This week I’ve been dipping in to Work in the Digital Age: Challenges of the Fourth Industrial Revolution, edited by Neufeind, O’Reilly and Ranft. This is a collection of short essays brought togoether by Policy Network, the centre-left ‘progressive’ think tank. It’s a chunky book, starting with sections essays on prospects for employment and the character of work. These cover, for example, the likely impact of automation in destroying and creating jobs, and the nature of work in the ‘gig’ economy. A section on labour relations and the welfare state follows. There are then chapters on individual European countries, ordered according to the ‘digital density’: Scandinavia and the Netherlands are classed as high, the UK and Germany medium, France, Italy and Central and Eastern Europe as low. There are also chapters on the US, Canada and India. The comparisons between countries were at the heart of the project, and I admit to not having read these chapters.

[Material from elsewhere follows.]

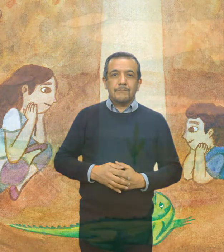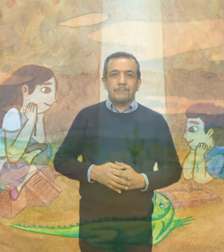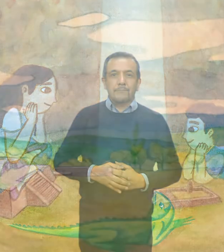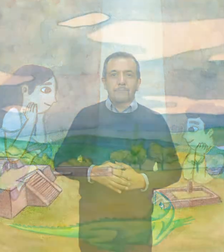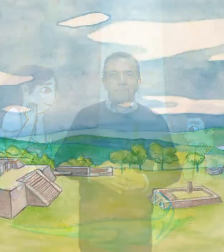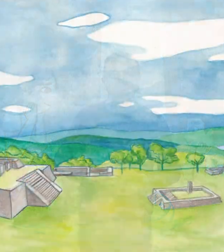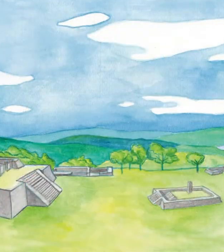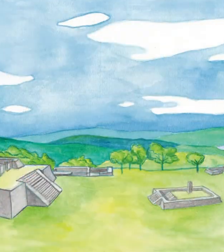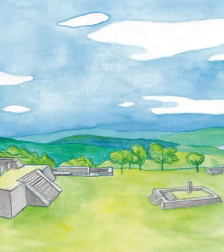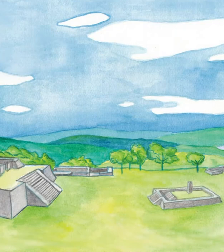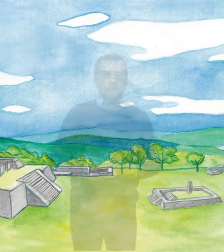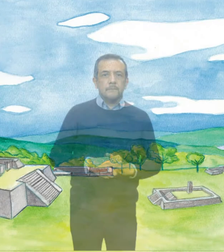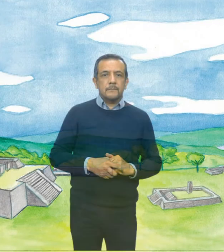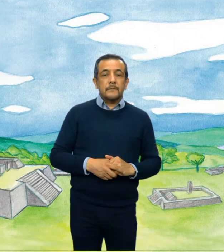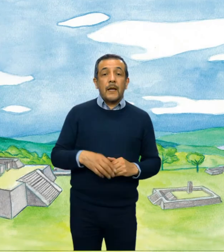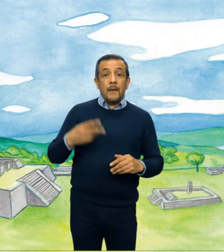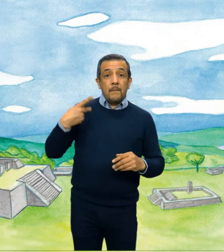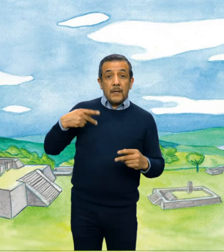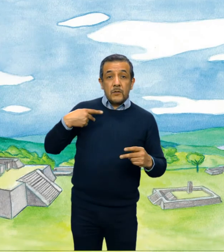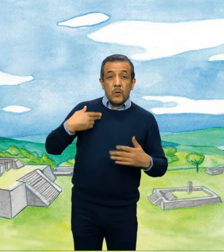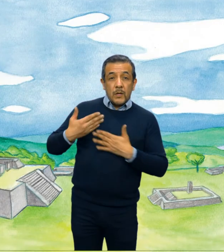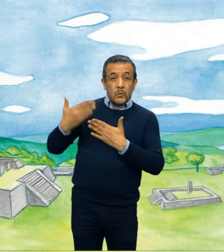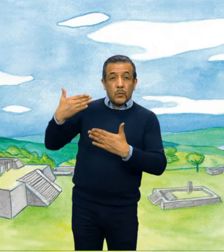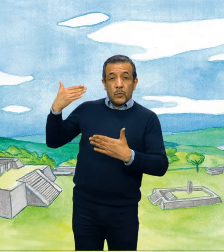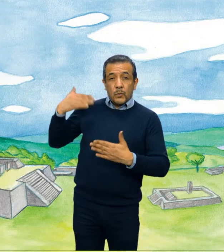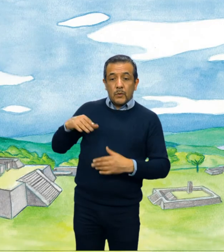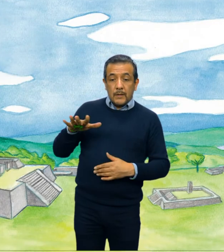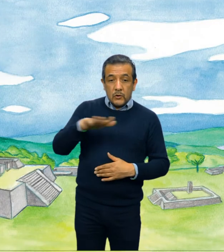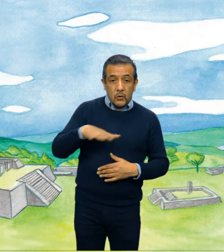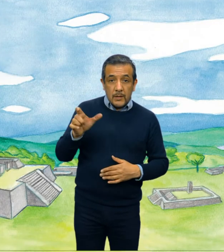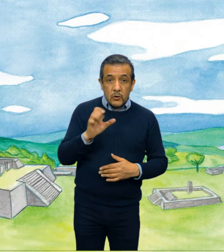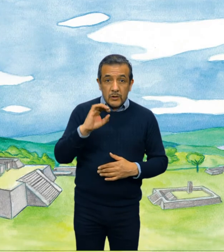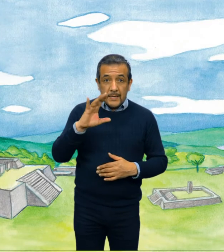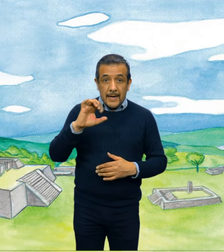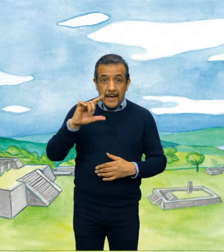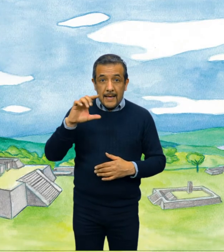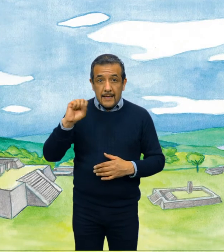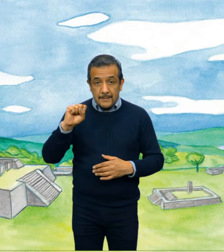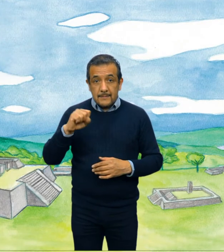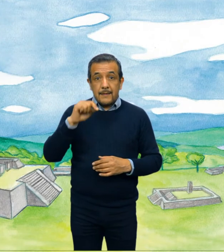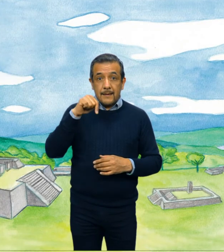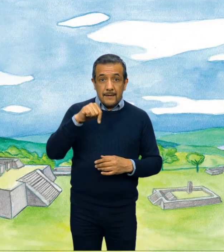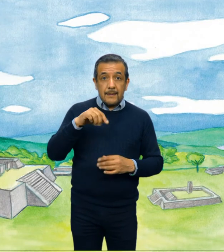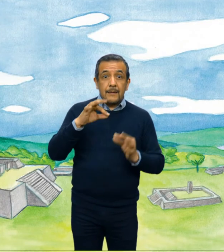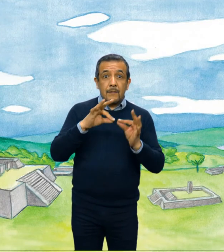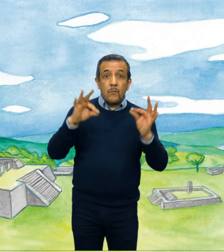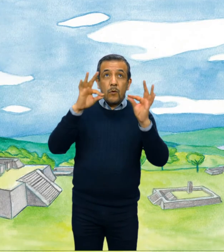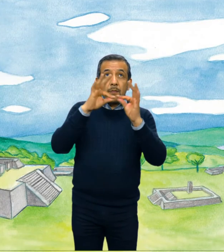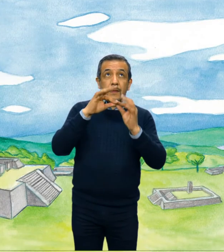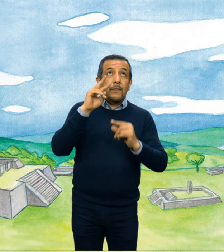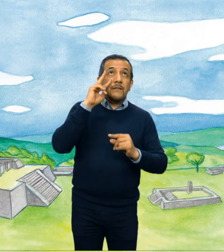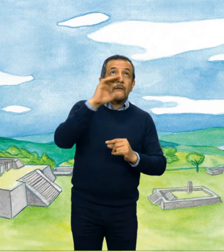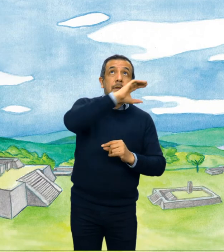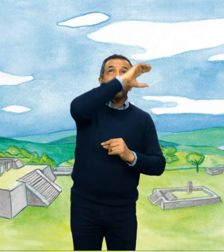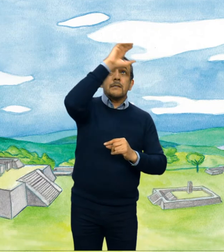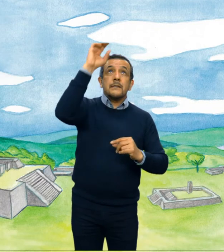Para nuestros antepasados Xochicalcas, los movimientos en el cielo eran muy importantes, porque les ayudaban a

Given that I read so much of the economic literature on these issues, I haven’t found anything startlingly new so far, although there are some interesting perspectives. For example Martin Kenney and John Zysman consider the question of financing technology start-ups when they face a long period of losses because of what’s known in the platform literature as the chicken and egg problem: a platform needs users on both sides – riders as well as drivers for instance – because it won’t attract riders without enough drives and won’t have enough drivers unless it has a user base. The winner-take-all success stories then look for a long period of rents to recover those early losses, although many platforms simply fail. The essay argues that it is not clear whether this financing model is creating economic and social value. (I argue in a forthcoming paper that this is one aspect of the wider failure of competition economics to have figured out how to compare static welfare gains and losses to dynamic ones.)

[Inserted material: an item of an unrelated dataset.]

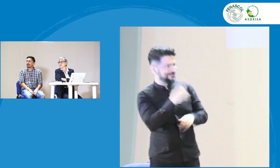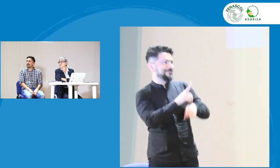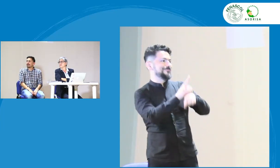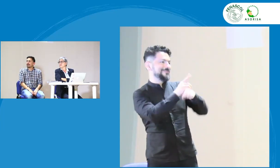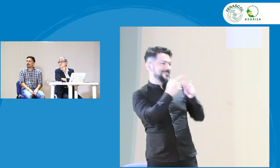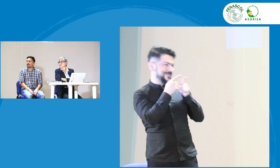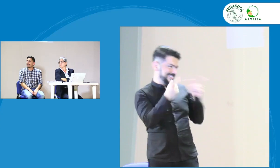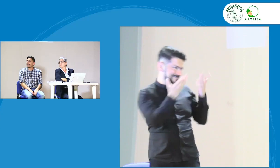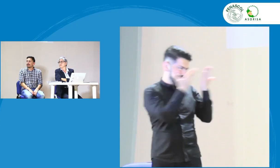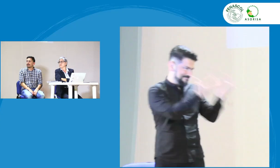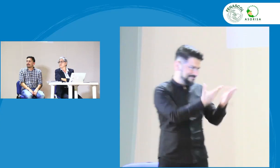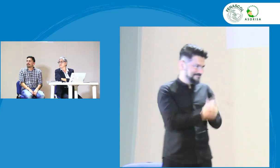INSOR,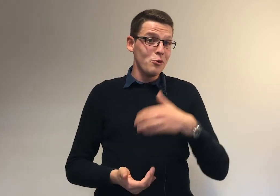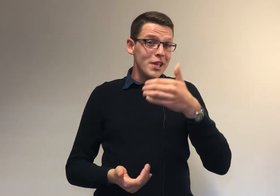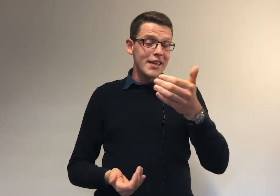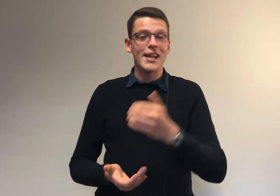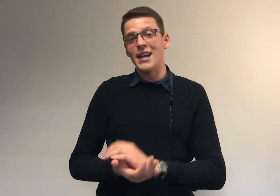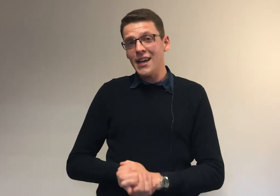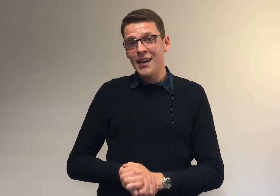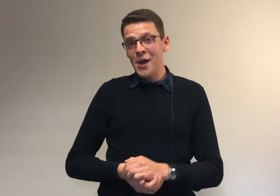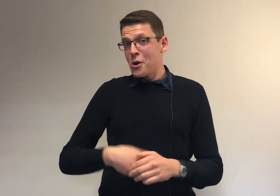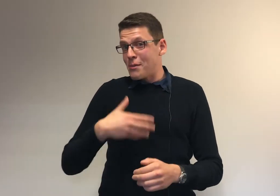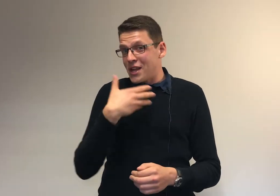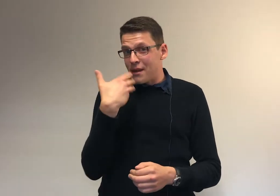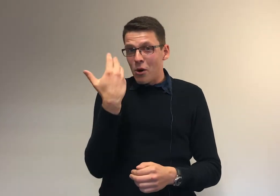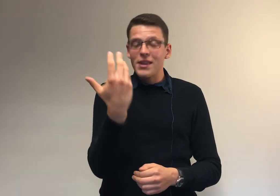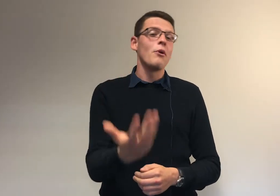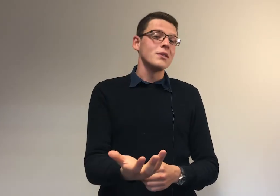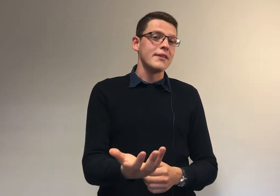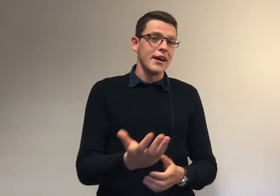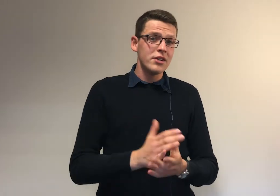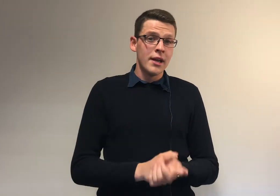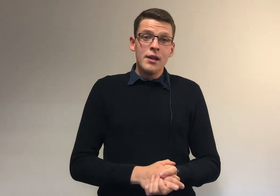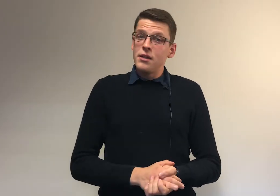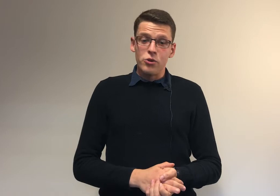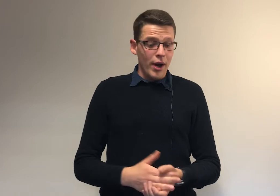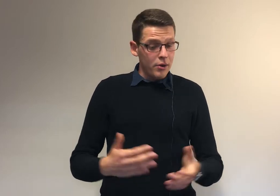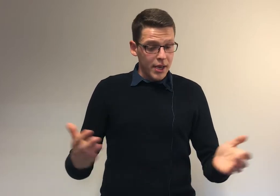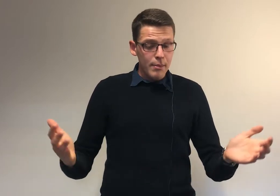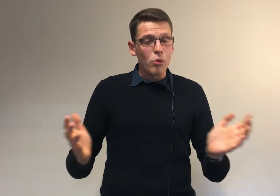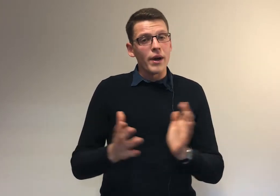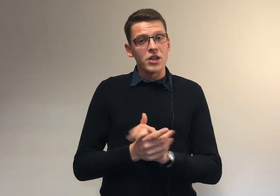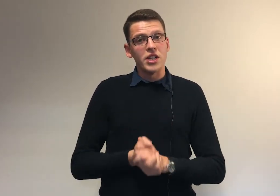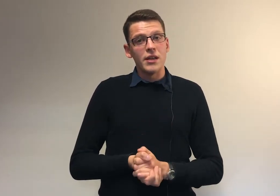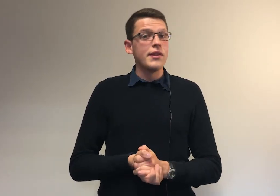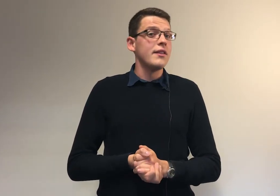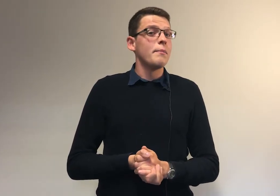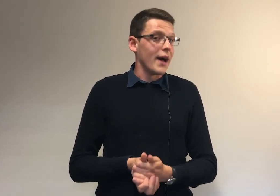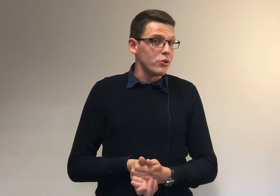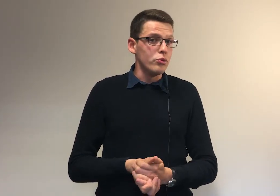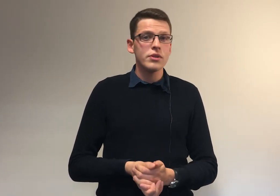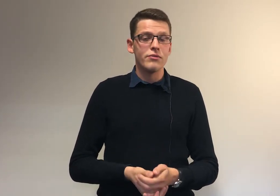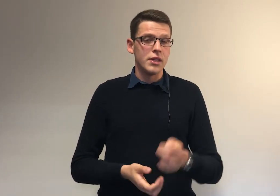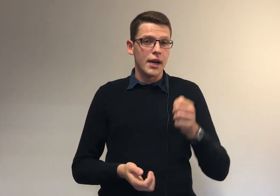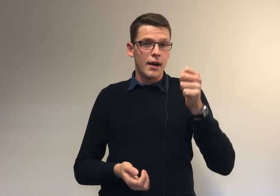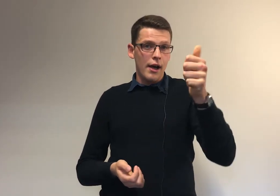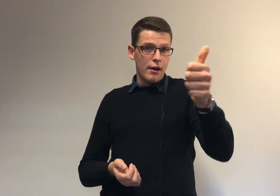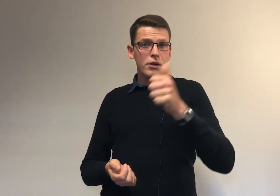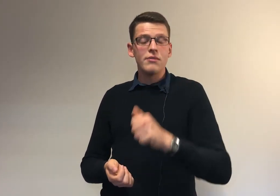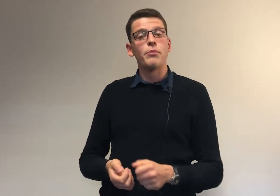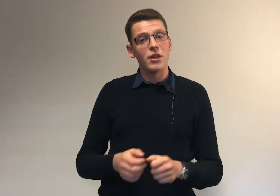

In other chapters, Ursula Huws et al report new surveys on the extent of gig work or crowd work – from 9% in the UK to 22% in Italy, usually as part of a broader spectrum of casual work; Monique Kremer and Robert Went set out an agenda for ensuring automation does not increase inequality, covering the direction of robotisation, the enhancement of complementary skills, and distributional policy instruments; and in an introductory essay Luc Soete on the productivity paradox discusses similarities with and differences from previous technological revolutions. The final chapter sets out a reform agenda – education and training; work transitions; social protection; redistributive taxes and transfers; and investing in infrastructure and innovation. This is high level stuff, and therefore a bit motherhood and apple pie. Having contributed essays to this kind of collection myself, I know this pitch of generality is inevitable, but do ache for some policy specifics as opposed to ‘a new inclusive narrative’.

For an overview of the technology and work debate, this is a useful volume, though, and it can be downloaded free from here. It’s certainly a good place to start for a comparative perspective, and the references to country-specific literature look really useful.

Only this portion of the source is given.